*** Opening of EXERCISE DATA ***
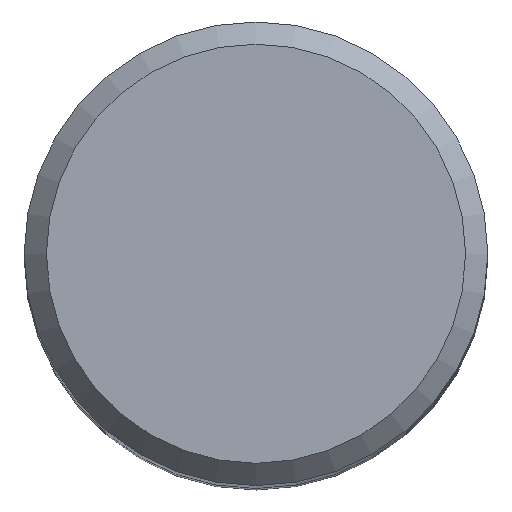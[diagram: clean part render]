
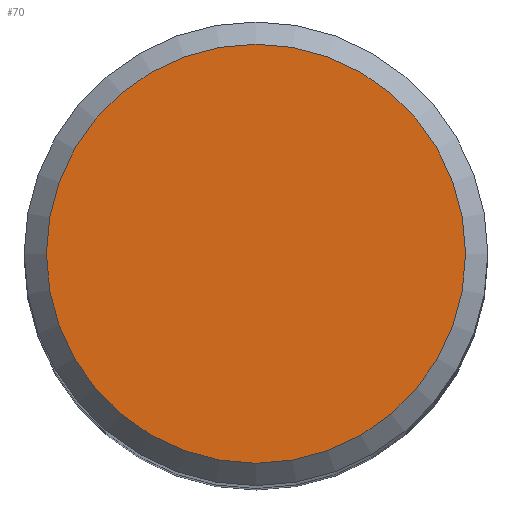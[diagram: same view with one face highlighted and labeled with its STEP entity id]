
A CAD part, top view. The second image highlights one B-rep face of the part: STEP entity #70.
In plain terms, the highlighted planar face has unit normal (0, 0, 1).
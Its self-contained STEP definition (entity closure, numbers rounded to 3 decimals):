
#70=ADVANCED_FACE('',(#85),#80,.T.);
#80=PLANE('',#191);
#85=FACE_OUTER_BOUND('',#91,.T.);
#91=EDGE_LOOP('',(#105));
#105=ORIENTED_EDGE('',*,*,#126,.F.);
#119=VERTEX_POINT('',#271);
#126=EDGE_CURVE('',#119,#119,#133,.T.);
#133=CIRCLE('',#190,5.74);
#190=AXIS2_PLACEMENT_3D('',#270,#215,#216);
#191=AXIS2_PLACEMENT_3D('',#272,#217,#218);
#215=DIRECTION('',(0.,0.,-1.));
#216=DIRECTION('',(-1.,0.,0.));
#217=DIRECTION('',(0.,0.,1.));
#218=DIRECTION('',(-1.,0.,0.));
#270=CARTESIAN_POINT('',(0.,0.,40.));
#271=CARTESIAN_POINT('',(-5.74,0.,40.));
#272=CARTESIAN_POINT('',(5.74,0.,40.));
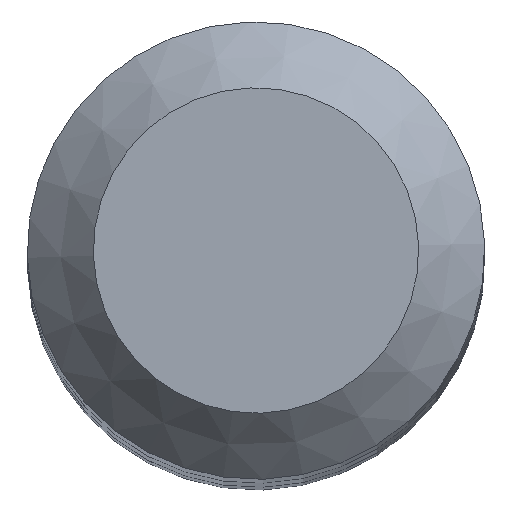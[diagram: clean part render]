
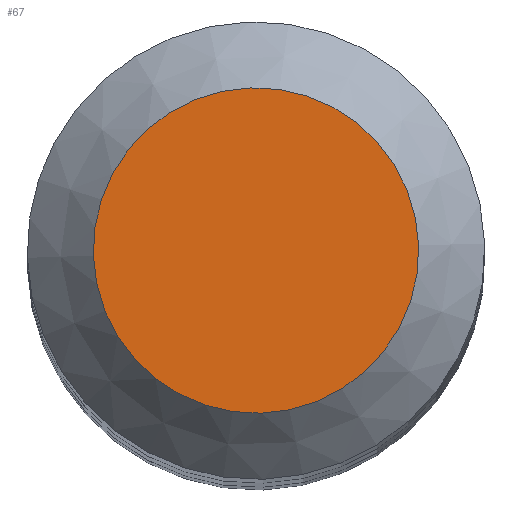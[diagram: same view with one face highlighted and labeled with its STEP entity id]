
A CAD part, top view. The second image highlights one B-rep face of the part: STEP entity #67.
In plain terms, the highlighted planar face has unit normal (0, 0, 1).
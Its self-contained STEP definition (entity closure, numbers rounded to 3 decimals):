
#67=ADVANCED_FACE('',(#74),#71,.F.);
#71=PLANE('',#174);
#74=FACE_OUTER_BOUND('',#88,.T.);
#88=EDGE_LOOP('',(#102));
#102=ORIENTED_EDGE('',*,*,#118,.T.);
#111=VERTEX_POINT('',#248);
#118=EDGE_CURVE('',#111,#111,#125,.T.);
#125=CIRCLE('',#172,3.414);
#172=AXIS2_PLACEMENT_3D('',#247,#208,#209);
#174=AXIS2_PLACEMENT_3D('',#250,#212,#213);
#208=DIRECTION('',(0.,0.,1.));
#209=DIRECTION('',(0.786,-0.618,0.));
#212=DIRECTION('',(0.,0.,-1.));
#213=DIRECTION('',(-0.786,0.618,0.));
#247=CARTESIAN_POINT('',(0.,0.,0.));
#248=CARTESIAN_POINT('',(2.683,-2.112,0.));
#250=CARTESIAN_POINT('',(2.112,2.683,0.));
*** Close of EXERCISE DATA ***
All of the data above should be quoted exactly, except for the pictures.

# WRITTEN RESPONSE:
[diagram: clean part render]
[diagram: same view with one face highlighted and labeled with its STEP entity id]
A CAD part, top view. The second image highlights one B-rep face of the part: STEP entity #70.
In plain terms, the highlighted planar face has unit normal (0, 0, 1).
Its self-contained STEP definition (entity closure, numbers rounded to 3 decimals):
#70=ADVANCED_FACE('',(#85),#80,.T.);
#80=PLANE('',#191);
#85=FACE_OUTER_BOUND('',#91,.T.);
#91=EDGE_LOOP('',(#105));
#105=ORIENTED_EDGE('',*,*,#126,.F.);
#119=VERTEX_POINT('',#271);
#126=EDGE_CURVE('',#119,#119,#133,.T.);
#133=CIRCLE('',#190,5.74);
#190=AXIS2_PLACEMENT_3D('',#270,#215,#216);
#191=AXIS2_PLACEMENT_3D('',#272,#217,#218);
#215=DIRECTION('',(0.,0.,-1.));
#216=DIRECTION('',(-1.,0.,0.));
#217=DIRECTION('',(0.,0.,1.));
#218=DIRECTION('',(-1.,0.,0.));
#270=CARTESIAN_POINT('',(0.,0.,40.));
#271=CARTESIAN_POINT('',(-5.74,0.,40.));
#272=CARTESIAN_POINT('',(5.74,0.,40.));
[diagram: clean part render]
[diagram: same view with one face highlighted and labeled with its STEP entity id]
A CAD part, top view. The second image highlights one B-rep face of the part: STEP entity #67.
In plain terms, the highlighted planar face has unit normal (0, 0, 1).
Its self-contained STEP definition (entity closure, numbers rounded to 3 decimals):
#67=ADVANCED_FACE('',(#74),#71,.F.);
#71=PLANE('',#174);
#74=FACE_OUTER_BOUND('',#88,.T.);
#88=EDGE_LOOP('',(#102));
#102=ORIENTED_EDGE('',*,*,#118,.T.);
#111=VERTEX_POINT('',#248);
#118=EDGE_CURVE('',#111,#111,#125,.T.);
#125=CIRCLE('',#172,3.414);
#172=AXIS2_PLACEMENT_3D('',#247,#208,#209);
#174=AXIS2_PLACEMENT_3D('',#250,#212,#213);
#208=DIRECTION('',(0.,0.,1.));
#209=DIRECTION('',(0.786,-0.618,0.));
#212=DIRECTION('',(0.,0.,-1.));
#213=DIRECTION('',(-0.786,0.618,0.));
#247=CARTESIAN_POINT('',(0.,0.,0.));
#248=CARTESIAN_POINT('',(2.683,-2.112,0.));
#250=CARTESIAN_POINT('',(2.112,2.683,0.));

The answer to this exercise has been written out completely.